(Saved data entries)
┄┄┄┄┄┄┄┄┄┄
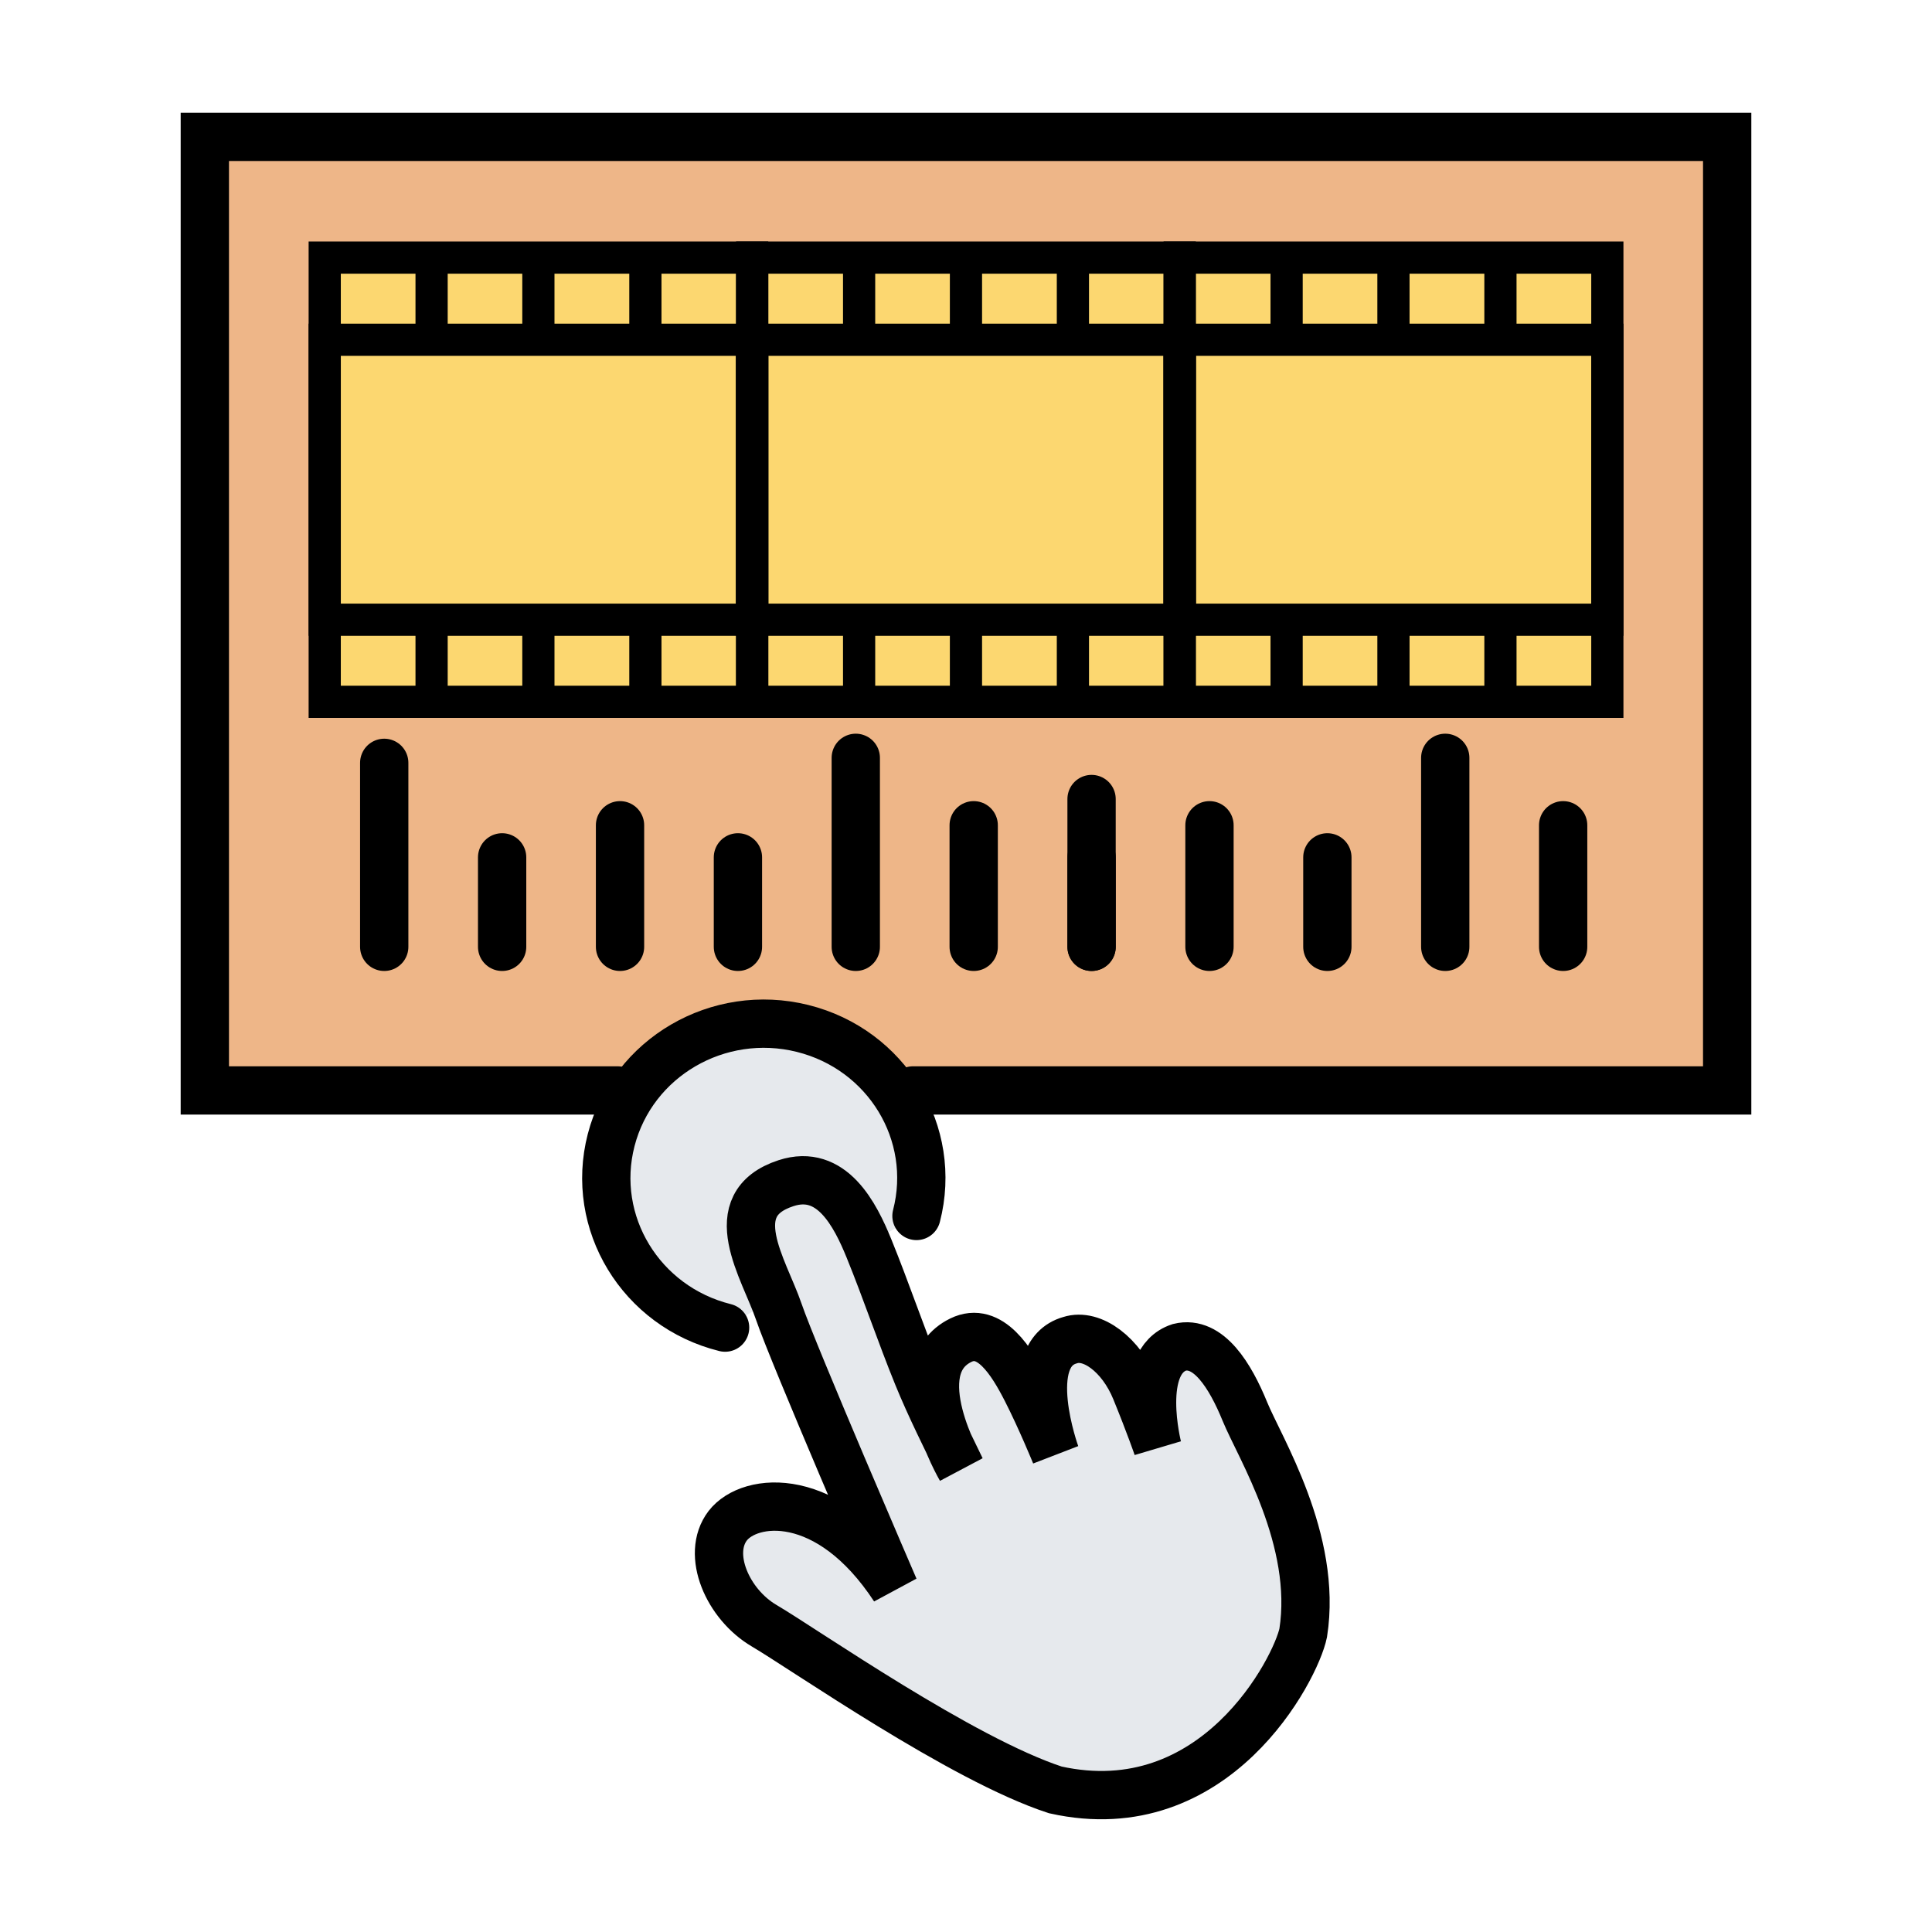 <?xml version="1.0" encoding="utf-8"?>
<!-- Generator: Adobe Illustrator 16.0.0, SVG Export Plug-In . SVG Version: 6.00 Build 0)  -->
<!DOCTYPE svg PUBLIC "-//W3C//DTD SVG 1.1//EN" "http://www.w3.org/Graphics/SVG/1.1/DTD/svg11.dtd">
<svg version="1.1" id="Calque_1" xmlns="http://www.w3.org/2000/svg" xmlns:xlink="http://www.w3.org/1999/xlink" x="0px" y="0px"
	 width="120px" height="120px" viewBox="0 0 120 120" enable-background="new 0 0 120 120" xml:space="preserve">
<g>
	<polygon fill="#EEB688" points="107.085,67.848 55.953,67.848 52.252,64.824 45.531,63.581 41.031,65.93 37.868,67.848 
		12.914,67.848 12.914,8.991 107.085,8.991 	"/>
	<rect x="20.169" y="15.334" fill="#FCD770" width="79.666" height="28.258"/>
	<g>
		<g id="_x31_7">
			<polyline fill="none" stroke="#000000" stroke-width="3" stroke-linecap="round" stroke-miterlimit="10" points="38.348,67.729 
				12.722,67.729 12.722,8.5 107.278,8.5 107.278,67.729 56.715,67.729 			"/>
			<g>
				<g>
					
						<rect x="73.272" y="16" fill="none" stroke="#000000" stroke-width="2" stroke-miterlimit="10" width="26.563" height="27.592"/>
					
						<rect x="73.272" y="21.103" fill="none" stroke="#000000" stroke-width="2" stroke-miterlimit="10" width="26.563" height="17.389"/>
					<line fill="none" stroke="#000000" stroke-width="2" stroke-miterlimit="10" x1="79.914" y1="21.103" x2="79.914" y2="16"/>
					<line fill="none" stroke="#000000" stroke-width="2" stroke-miterlimit="10" x1="86.55" y1="21.103" x2="86.55" y2="16"/>
					<line fill="none" stroke="#000000" stroke-width="2" stroke-miterlimit="10" x1="93.195" y1="21.103" x2="93.195" y2="16"/>
					
						<line fill="none" stroke="#000000" stroke-width="2" stroke-miterlimit="10" x1="79.914" y1="43.592" x2="79.914" y2="38.491"/>
					<line fill="none" stroke="#000000" stroke-width="2" stroke-miterlimit="10" x1="86.55" y1="43.592" x2="86.55" y2="38.491"/>
					
						<line fill="none" stroke="#000000" stroke-width="2" stroke-miterlimit="10" x1="93.195" y1="43.592" x2="93.195" y2="38.491"/>
				</g>
				<g>
					
						<rect x="46.719" y="16" fill="none" stroke="#000000" stroke-width="2" stroke-miterlimit="10" width="26.554" height="27.592"/>
					
						<rect x="46.719" y="21.103" fill="none" stroke="#000000" stroke-width="2" stroke-miterlimit="10" width="26.554" height="17.389"/>
					<line fill="none" stroke="#000000" stroke-width="2" stroke-miterlimit="10" x1="53.361" y1="21.103" x2="53.361" y2="16"/>
					<line fill="none" stroke="#000000" stroke-width="2" stroke-miterlimit="10" x1="59.998" y1="21.103" x2="59.998" y2="16"/>
					<line fill="none" stroke="#000000" stroke-width="2" stroke-miterlimit="10" x1="66.64" y1="21.103" x2="66.64" y2="16"/>
					
						<line fill="none" stroke="#000000" stroke-width="2" stroke-miterlimit="10" x1="53.361" y1="43.592" x2="53.361" y2="38.491"/>
					
						<line fill="none" stroke="#000000" stroke-width="2" stroke-miterlimit="10" x1="59.998" y1="43.592" x2="59.998" y2="38.491"/>
					<line fill="none" stroke="#000000" stroke-width="2" stroke-miterlimit="10" x1="66.64" y1="43.592" x2="66.64" y2="38.491"/>
				</g>
				<g>
					
						<rect x="20.169" y="16" fill="none" stroke="#000000" stroke-width="2" stroke-miterlimit="10" width="26.55" height="27.592"/>
					
						<rect x="20.169" y="21.103" fill="none" stroke="#000000" stroke-width="2" stroke-miterlimit="10" width="26.55" height="17.389"/>
					<line fill="none" stroke="#000000" stroke-width="2" stroke-miterlimit="10" x1="26.807" y1="21.103" x2="26.807" y2="16"/>
					<line fill="none" stroke="#000000" stroke-width="2" stroke-miterlimit="10" x1="33.44" y1="21.103" x2="33.44" y2="16"/>
					<line fill="none" stroke="#000000" stroke-width="2" stroke-miterlimit="10" x1="40.086" y1="21.103" x2="40.086" y2="16"/>
					
						<line fill="none" stroke="#000000" stroke-width="2" stroke-miterlimit="10" x1="26.807" y1="43.592" x2="26.807" y2="38.491"/>
					<line fill="none" stroke="#000000" stroke-width="2" stroke-miterlimit="10" x1="33.44" y1="43.592" x2="33.44" y2="38.491"/>
					
						<line fill="none" stroke="#000000" stroke-width="2" stroke-miterlimit="10" x1="40.086" y1="43.592" x2="40.086" y2="38.491"/>
				</g>
			</g>
			<g>
				<g>
					
						<line fill="none" stroke="#000000" stroke-width="3" stroke-linecap="round" stroke-miterlimit="10" x1="67.799" y1="58.809" x2="67.799" y2="49.629"/>
					
						<line fill="none" stroke="#000000" stroke-width="3" stroke-linecap="round" stroke-miterlimit="10" x1="60.478" y1="58.809" x2="60.478" y2="51.259"/>
					
						<line fill="none" stroke="#000000" stroke-width="3" stroke-linecap="round" stroke-miterlimit="10" x1="53.154" y1="58.809" x2="53.154" y2="47.071"/>
					
						<line fill="none" stroke="#000000" stroke-width="3" stroke-linecap="round" stroke-miterlimit="10" x1="45.834" y1="58.809" x2="45.834" y2="53.252"/>
					
						<line fill="none" stroke="#000000" stroke-width="3" stroke-linecap="round" stroke-miterlimit="10" x1="38.511" y1="58.809" x2="38.511" y2="51.259"/>
					
						<line fill="none" stroke="#000000" stroke-width="3" stroke-linecap="round" stroke-miterlimit="10" x1="31.188" y1="58.809" x2="31.188" y2="53.252"/>
					
						<line fill="none" stroke="#000000" stroke-width="3" stroke-linecap="round" stroke-miterlimit="10" x1="23.865" y1="58.809" x2="23.865" y2="47.382"/>
				</g>
			</g>
			<g>
				<g>
					
						<line fill="none" stroke="#000000" stroke-width="3" stroke-linecap="round" stroke-miterlimit="10" x1="97.09" y1="58.809" x2="97.09" y2="51.259"/>
					
						<line fill="none" stroke="#000000" stroke-width="3" stroke-linecap="round" stroke-miterlimit="10" x1="89.767" y1="58.809" x2="89.767" y2="47.071"/>
					
						<line fill="none" stroke="#000000" stroke-width="3" stroke-linecap="round" stroke-miterlimit="10" x1="82.445" y1="58.809" x2="82.445" y2="53.252"/>
					
						<line fill="none" stroke="#000000" stroke-width="3" stroke-linecap="round" stroke-miterlimit="10" x1="75.123" y1="58.809" x2="75.123" y2="51.259"/>
					
						<line fill="none" stroke="#000000" stroke-width="3" stroke-linecap="round" stroke-miterlimit="10" x1="67.801" y1="58.809" x2="67.801" y2="53.252"/>
				</g>
			</g>
		</g>
		<g>
			<path fill="#E6E9ED" stroke="#000000" stroke-width="3" stroke-linecap="round" stroke-miterlimit="10" d="M45.037,82.46
				c-5.236-1.302-8.405-6.516-7.077-11.648c1.327-5.131,6.649-8.234,11.886-6.935c5.237,1.302,8.405,6.517,7.078,11.649"/>
			<path fill="#E6E9ED" stroke="#000000" stroke-width="3" stroke-linecap="round" stroke-miterlimit="10" d="M55.547,98.647
				c0,0-6.272-14.52-7.177-17.179c-0.906-2.66-3.621-6.65,0.451-7.979c2.839-0.928,4.296,1.948,5.16,4.073
				c1.063,2.614,1.961,5.295,3.023,7.901c0.797,1.953,1.762,3.855,2.676,5.76c0,0-3.619-6.209,0-7.982
				c1.81-0.885,3.167,1.333,4.072,3.104c0.905,1.773,1.809,3.989,1.809,3.989s-2.261-6.207,0.906-7.094
				c1.357-0.441,3.167,0.887,4.072,3.104c0.905,2.219,1.357,3.548,1.357,3.548s-1.357-5.319,1.357-6.208
				c1.81-0.444,3.167,1.774,4.071,3.991c0.905,2.217,4.524,7.979,3.621,13.743c-0.453,2.217-5.443,11.971-15.398,9.755
				c-5.818-1.901-15.535-8.697-18.085-10.198c-2.263-1.33-3.619-4.432-2.263-6.208C46.56,92.996,51.475,92.44,55.547,98.647z"/>
		</g>
	</g>
</g>
</svg>
┄┄┄┄┄┄┄┄┄┄
__What you will do__
Return only the lines from the start of the data through the line that contains "45.531,63.581 41.031,65.93 37.868,67.848", please, copying them exactly and omitting all pictures.

__Written reply__
 <?xml version="1.0" encoding="utf-8"?>
<!-- Generator: Adobe Illustrator 16.0.0, SVG Export Plug-In . SVG Version: 6.00 Build 0)  -->
<!DOCTYPE svg PUBLIC "-//W3C//DTD SVG 1.1//EN" "http://www.w3.org/Graphics/SVG/1.1/DTD/svg11.dtd">
<svg version="1.1" id="Calque_1" xmlns="http://www.w3.org/2000/svg" xmlns:xlink="http://www.w3.org/1999/xlink" x="0px" y="0px"
	 width="120px" height="120px" viewBox="0 0 120 120" enable-background="new 0 0 120 120" xml:space="preserve">
<g>
	<polygon fill="#EEB688" points="107.085,67.848 55.953,67.848 52.252,64.824 45.531,63.581 41.031,65.93 37.868,67.848 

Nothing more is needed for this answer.